JuliaLang / julia

The Julia Programming Language
https://julialang.org/
MIT License
45.4k stars 5.45k forks source link

TTFX regression with Comonicon CLI on Julia 1.11 #55171

Open timholy opened 1 month ago

timholy commented 1 month ago

Following up on a slack conversation, there is indeed a substantial regression in the responsivity of a CLI application written with Comonicon:

Julia 1.10:

~/.julia/bin$ time ./cli --help
# lots of output
real    0m0.285s
user    0m0.395s
sys     0m0.642s

Julia 1.11-rc1:

real    0m3.681s
user    0m3.656s
sys     0m0.866s

I haven't really participated in the Julia 1.11 release and don't have time to check myself, but since it's a pretty sizable regression I'm slapping a milestone on it. (I am not personally affected by CLI TTFX, though.)
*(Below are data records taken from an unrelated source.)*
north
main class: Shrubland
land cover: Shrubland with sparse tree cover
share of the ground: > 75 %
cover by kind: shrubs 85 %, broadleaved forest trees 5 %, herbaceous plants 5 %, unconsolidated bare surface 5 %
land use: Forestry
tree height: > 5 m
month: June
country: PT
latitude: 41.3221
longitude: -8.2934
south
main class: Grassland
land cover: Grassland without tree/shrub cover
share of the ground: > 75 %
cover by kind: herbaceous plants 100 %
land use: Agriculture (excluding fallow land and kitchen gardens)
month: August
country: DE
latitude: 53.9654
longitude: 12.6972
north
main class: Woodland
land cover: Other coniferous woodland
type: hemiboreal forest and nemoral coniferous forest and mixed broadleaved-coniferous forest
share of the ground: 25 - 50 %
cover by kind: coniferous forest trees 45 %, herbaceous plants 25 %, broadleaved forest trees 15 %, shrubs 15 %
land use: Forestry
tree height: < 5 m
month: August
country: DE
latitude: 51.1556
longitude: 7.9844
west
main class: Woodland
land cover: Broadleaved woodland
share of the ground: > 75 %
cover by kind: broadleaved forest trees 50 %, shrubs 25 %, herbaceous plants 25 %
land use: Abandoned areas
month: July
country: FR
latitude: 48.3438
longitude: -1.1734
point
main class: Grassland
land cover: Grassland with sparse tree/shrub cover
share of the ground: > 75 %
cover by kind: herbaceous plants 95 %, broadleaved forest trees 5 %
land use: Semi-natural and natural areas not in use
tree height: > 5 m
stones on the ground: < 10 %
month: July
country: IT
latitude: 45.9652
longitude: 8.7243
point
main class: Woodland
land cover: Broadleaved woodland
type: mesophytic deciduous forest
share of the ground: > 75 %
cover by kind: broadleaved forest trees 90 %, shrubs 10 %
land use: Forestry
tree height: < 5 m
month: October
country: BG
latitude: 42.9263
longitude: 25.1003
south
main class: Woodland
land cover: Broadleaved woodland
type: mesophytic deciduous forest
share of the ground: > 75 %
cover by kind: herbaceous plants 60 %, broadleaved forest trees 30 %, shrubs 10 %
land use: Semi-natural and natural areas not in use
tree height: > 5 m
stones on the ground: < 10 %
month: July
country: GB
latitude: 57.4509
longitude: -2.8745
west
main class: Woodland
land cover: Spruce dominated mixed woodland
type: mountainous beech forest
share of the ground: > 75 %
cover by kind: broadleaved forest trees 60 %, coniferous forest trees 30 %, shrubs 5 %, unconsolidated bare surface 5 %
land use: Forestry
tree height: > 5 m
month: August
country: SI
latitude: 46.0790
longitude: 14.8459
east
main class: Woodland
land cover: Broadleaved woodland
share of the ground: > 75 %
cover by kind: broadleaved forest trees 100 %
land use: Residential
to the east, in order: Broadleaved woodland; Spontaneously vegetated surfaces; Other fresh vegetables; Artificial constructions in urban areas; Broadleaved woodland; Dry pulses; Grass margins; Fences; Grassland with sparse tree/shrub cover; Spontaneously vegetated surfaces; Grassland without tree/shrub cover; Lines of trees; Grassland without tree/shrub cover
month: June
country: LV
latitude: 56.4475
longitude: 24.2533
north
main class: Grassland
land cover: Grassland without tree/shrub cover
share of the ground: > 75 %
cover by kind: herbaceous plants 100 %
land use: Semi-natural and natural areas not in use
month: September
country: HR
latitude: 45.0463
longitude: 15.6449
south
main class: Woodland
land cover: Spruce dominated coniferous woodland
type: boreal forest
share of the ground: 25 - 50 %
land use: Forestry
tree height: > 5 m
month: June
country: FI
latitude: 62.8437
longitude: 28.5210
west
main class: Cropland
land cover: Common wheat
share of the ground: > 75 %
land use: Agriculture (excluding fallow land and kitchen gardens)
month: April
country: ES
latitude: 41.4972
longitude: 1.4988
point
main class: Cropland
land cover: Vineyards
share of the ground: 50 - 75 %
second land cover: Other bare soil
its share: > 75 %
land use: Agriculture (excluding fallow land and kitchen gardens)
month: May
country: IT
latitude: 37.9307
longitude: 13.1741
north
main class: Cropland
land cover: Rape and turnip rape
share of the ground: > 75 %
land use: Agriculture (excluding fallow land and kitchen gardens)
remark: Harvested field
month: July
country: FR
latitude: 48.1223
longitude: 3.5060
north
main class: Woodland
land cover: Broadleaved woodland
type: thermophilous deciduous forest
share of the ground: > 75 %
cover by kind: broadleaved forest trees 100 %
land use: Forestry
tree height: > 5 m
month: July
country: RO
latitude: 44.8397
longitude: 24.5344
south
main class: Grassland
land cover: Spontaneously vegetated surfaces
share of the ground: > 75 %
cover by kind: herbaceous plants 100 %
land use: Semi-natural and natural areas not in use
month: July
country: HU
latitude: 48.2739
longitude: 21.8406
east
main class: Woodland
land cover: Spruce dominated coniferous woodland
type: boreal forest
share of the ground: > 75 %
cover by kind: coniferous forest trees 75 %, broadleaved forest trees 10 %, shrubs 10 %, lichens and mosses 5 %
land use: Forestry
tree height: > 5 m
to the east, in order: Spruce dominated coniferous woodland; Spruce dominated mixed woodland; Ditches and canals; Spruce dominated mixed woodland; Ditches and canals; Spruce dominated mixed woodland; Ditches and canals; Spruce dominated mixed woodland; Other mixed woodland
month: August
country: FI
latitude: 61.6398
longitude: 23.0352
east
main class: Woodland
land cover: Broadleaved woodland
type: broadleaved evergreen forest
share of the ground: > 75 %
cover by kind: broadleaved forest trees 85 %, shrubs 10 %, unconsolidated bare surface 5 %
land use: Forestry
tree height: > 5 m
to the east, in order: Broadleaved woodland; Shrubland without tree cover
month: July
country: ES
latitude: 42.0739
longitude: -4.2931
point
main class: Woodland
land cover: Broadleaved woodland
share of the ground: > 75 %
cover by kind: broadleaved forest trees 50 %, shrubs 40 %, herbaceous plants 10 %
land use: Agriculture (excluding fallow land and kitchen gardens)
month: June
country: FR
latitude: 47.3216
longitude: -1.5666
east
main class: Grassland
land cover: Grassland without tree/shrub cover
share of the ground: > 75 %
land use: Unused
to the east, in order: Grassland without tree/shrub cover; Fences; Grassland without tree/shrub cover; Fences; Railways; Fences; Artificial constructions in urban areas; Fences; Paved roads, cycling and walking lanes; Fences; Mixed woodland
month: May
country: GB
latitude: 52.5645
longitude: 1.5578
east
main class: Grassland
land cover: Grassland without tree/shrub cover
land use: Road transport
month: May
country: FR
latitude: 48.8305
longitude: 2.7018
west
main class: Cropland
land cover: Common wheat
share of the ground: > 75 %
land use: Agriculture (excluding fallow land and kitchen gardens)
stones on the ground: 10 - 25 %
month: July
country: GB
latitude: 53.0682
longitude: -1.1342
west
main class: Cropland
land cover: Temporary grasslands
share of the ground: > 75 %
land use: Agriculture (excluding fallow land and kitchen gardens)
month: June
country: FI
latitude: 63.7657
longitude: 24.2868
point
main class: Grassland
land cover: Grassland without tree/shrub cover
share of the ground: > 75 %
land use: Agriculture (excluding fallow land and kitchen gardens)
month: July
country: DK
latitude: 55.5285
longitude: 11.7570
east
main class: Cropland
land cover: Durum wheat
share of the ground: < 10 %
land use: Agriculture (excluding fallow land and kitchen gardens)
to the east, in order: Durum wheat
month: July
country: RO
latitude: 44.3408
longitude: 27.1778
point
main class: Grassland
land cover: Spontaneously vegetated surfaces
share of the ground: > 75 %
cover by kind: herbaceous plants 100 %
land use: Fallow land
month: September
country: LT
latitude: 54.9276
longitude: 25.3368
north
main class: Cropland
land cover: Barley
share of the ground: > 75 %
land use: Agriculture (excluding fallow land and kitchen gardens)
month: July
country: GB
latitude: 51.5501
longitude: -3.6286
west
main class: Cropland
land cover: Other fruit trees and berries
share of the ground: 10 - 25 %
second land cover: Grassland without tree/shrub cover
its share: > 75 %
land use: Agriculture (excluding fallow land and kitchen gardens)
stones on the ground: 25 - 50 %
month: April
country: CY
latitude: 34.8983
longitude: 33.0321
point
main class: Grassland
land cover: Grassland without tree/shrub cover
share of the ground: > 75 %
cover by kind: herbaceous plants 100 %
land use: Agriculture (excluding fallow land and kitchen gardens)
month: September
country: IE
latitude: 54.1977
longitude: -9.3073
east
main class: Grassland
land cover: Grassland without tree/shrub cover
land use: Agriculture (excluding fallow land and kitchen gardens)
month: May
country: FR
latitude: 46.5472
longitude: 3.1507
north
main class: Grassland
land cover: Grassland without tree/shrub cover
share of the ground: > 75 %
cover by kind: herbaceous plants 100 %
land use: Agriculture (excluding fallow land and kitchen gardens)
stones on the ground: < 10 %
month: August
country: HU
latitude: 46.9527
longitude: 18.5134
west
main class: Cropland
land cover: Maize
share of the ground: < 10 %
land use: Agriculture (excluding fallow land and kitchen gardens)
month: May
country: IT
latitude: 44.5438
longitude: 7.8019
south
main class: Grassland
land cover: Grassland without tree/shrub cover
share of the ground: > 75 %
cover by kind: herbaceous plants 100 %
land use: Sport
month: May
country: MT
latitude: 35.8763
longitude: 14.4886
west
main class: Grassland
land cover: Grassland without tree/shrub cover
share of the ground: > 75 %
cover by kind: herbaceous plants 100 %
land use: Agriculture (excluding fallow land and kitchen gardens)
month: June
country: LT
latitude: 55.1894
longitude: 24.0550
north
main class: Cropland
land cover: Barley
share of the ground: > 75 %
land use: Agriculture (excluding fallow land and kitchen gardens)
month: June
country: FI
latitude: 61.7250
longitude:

Here are the specifics of what I tested:

tim@diva:/tmp/TTFX/CLI$ tree
.
├── Manifest.toml
├── Project.toml
└── src
    └── CLI.jl

1 directory, 3 files
tim@diva:/tmp/TTFX/CLI$ cat src/CLI.jl
module CLI

using Comonicon

"""
ArgParse example implemented in Comonicon.

# Arguments

- `x`: an argument

# Options

- `--opt1 <arg>`: an option
- `-o, --opt2 <arg>`: another option

# Flags

- `-f, --flag`: a flag
"""
Comonicon.@main function main(x; opt1=1, opt2::Int=2, flag=false)
    println("Parsed args:")
    println("flag=>", flag)
    println("arg=>", x)
    println("opt1=>", opt1)
    println("opt2=>", opt2)
end

end # module CLI

Build with

(CLI) pkg> build

and then test with

~/.julia/bin$ time ./cli --help
timholy commented 1 month ago

Oh, and if anyone is looking into this, note that the master branch of SnoopCompile works on Julia 1.11. See this issue for progress on the release: https://github.com/timholy/SnoopCompile.jl/issues/382

IanButterworth commented 1 month ago

I tried to replicate this but

(CLI) pkg> st
Project CLI v0.1.0
Status `~/Documents/GitHub/CLI/Project.toml`
  [863f3e99] Comonicon v1.0.8

(CLI) pkg> build

shell> ls ~/.julia/bin
ls: /Users/ian/.julia/bin: No such file or directory

If anyone familiar with Comonicon can help I'd be happy to investigate (@timholy mentioned on slack that he wasn't sure why this didn't build ~/.julia/bin/cli)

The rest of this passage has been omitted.